Records from a data source
────────
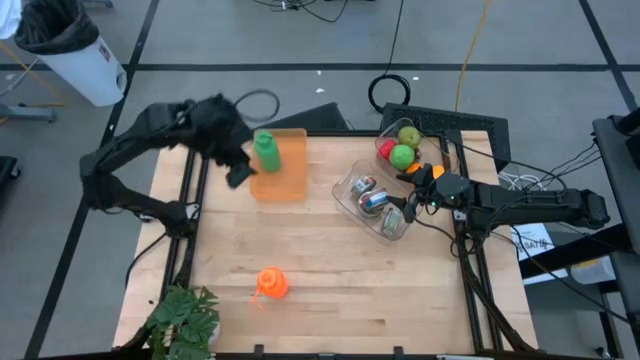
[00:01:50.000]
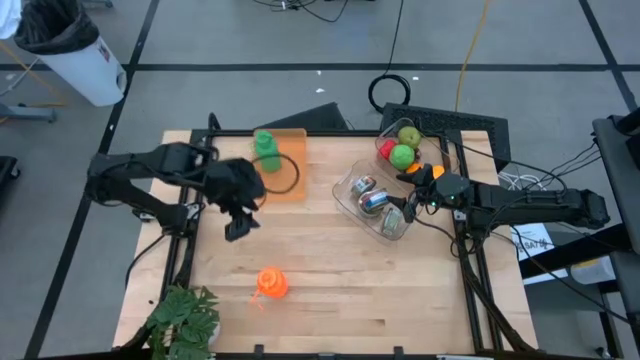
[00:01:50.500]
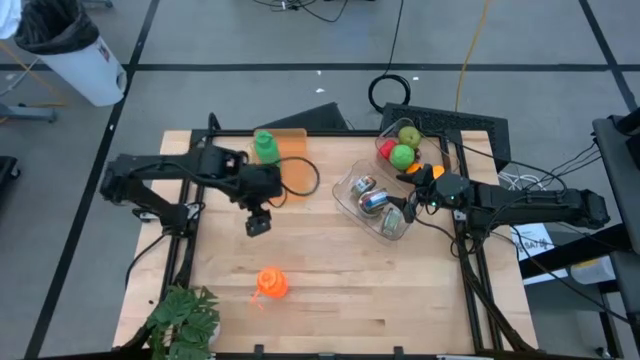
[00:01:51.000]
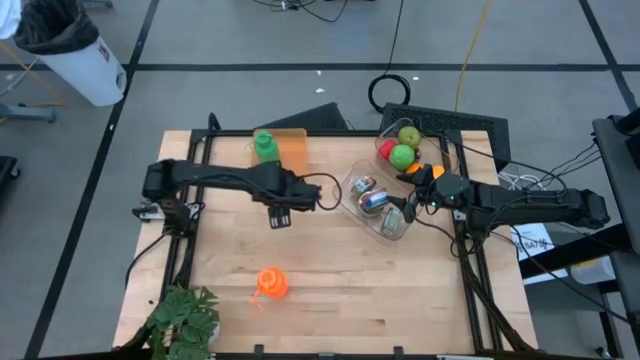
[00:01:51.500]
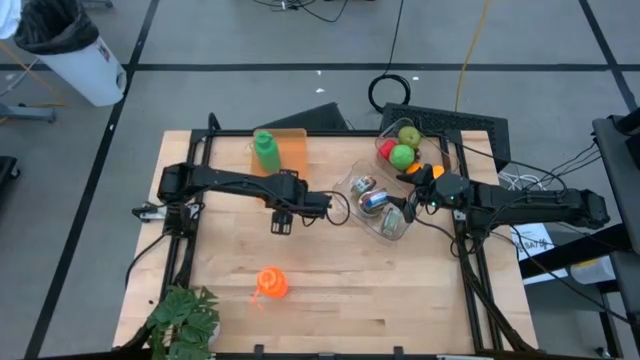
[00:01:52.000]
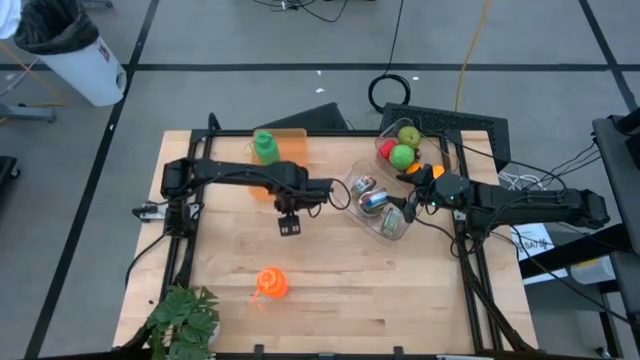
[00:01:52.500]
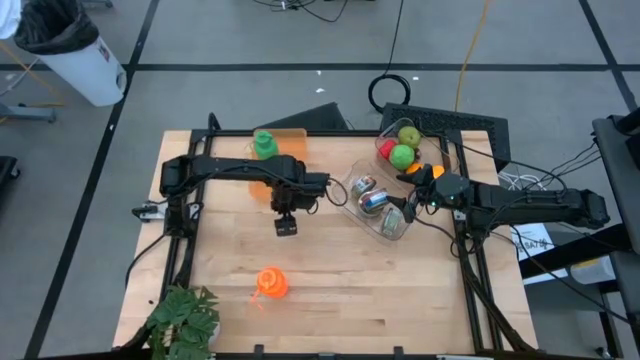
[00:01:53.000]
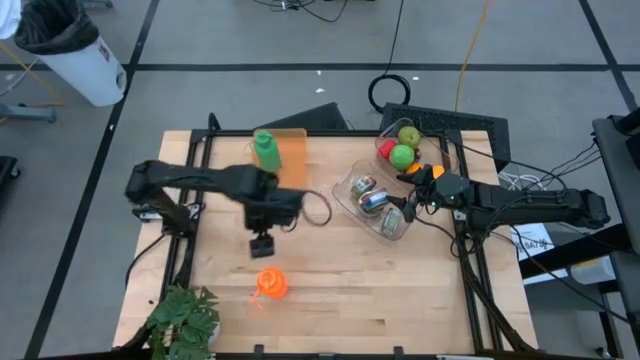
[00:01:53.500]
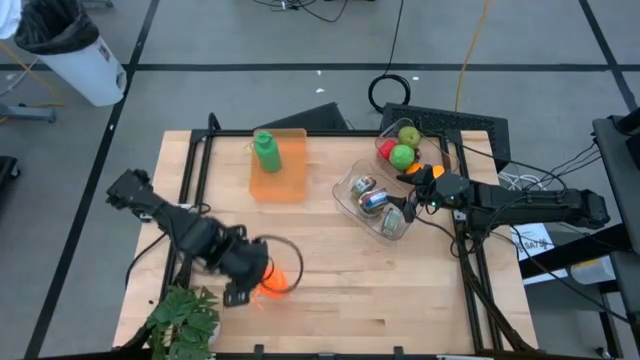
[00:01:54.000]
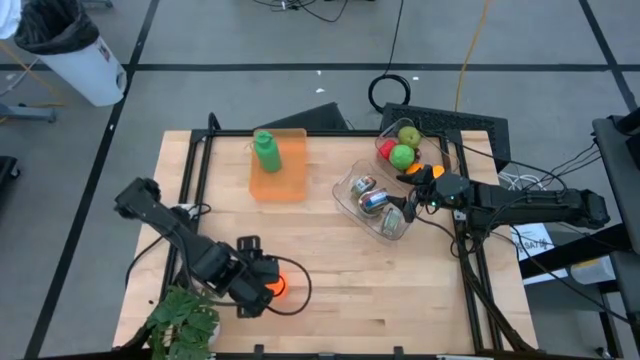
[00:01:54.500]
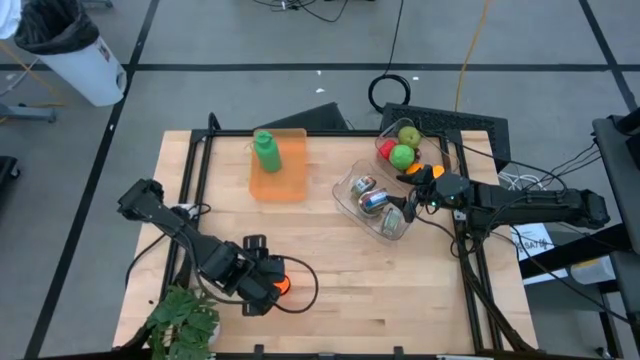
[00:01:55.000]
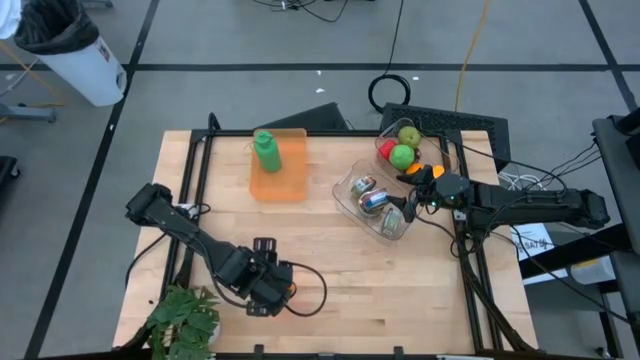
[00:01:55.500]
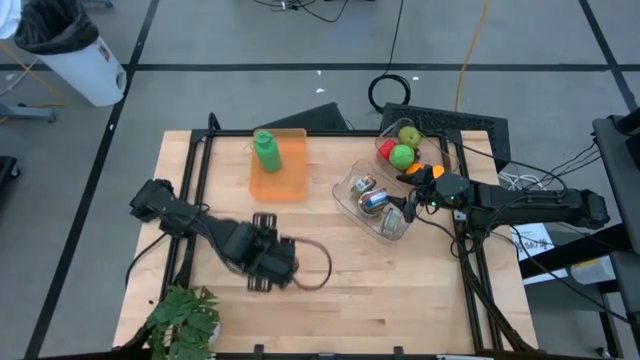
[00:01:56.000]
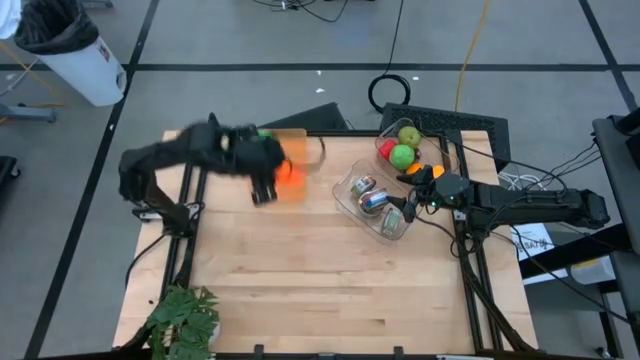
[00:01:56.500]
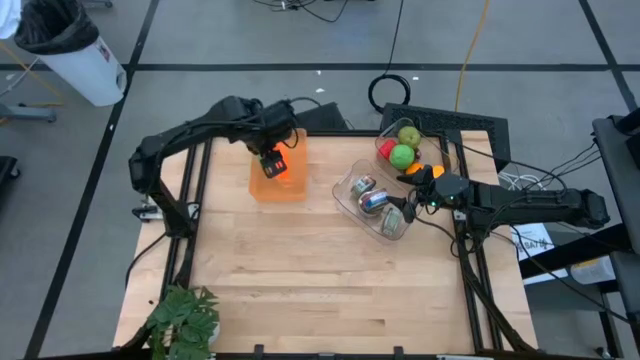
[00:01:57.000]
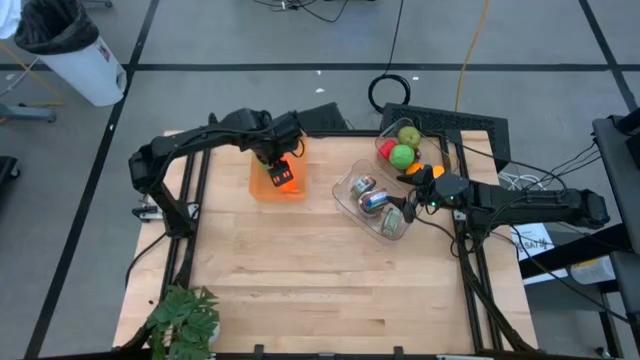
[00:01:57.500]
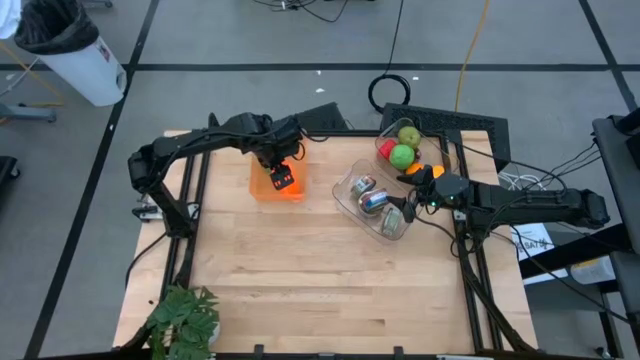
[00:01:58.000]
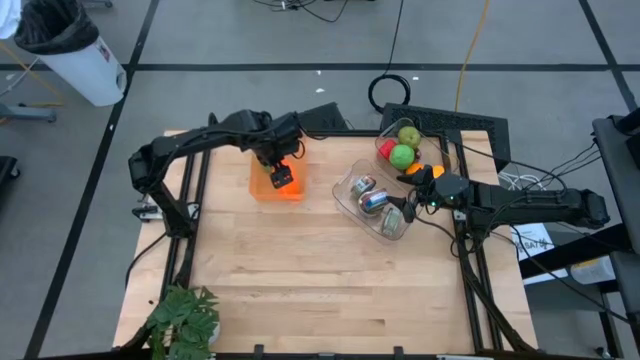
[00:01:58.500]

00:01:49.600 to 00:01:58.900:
Put the orange tumbler into the orange bin
────────
PROBLEM STATEMENT: Copy out the preceding entries without a single change, leaving out the pictures.

TASK SOLUTION:
[00:01:50.000]
[00:01:50.500]
[00:01:51.000]
[00:01:51.500]
[00:01:52.000]
[00:01:52.500]
[00:01:53.000]
[00:01:53.500]
[00:01:54.000]
[00:01:54.500]
[00:01:55.000]
[00:01:55.500]
[00:01:56.000]
[00:01:56.500]
[00:01:57.000]
[00:01:57.500]
[00:01:58.000]
[00:01:58.500]

00:01:49.600 to 00:01:58.900:
Put the orange tumbler into the orange bin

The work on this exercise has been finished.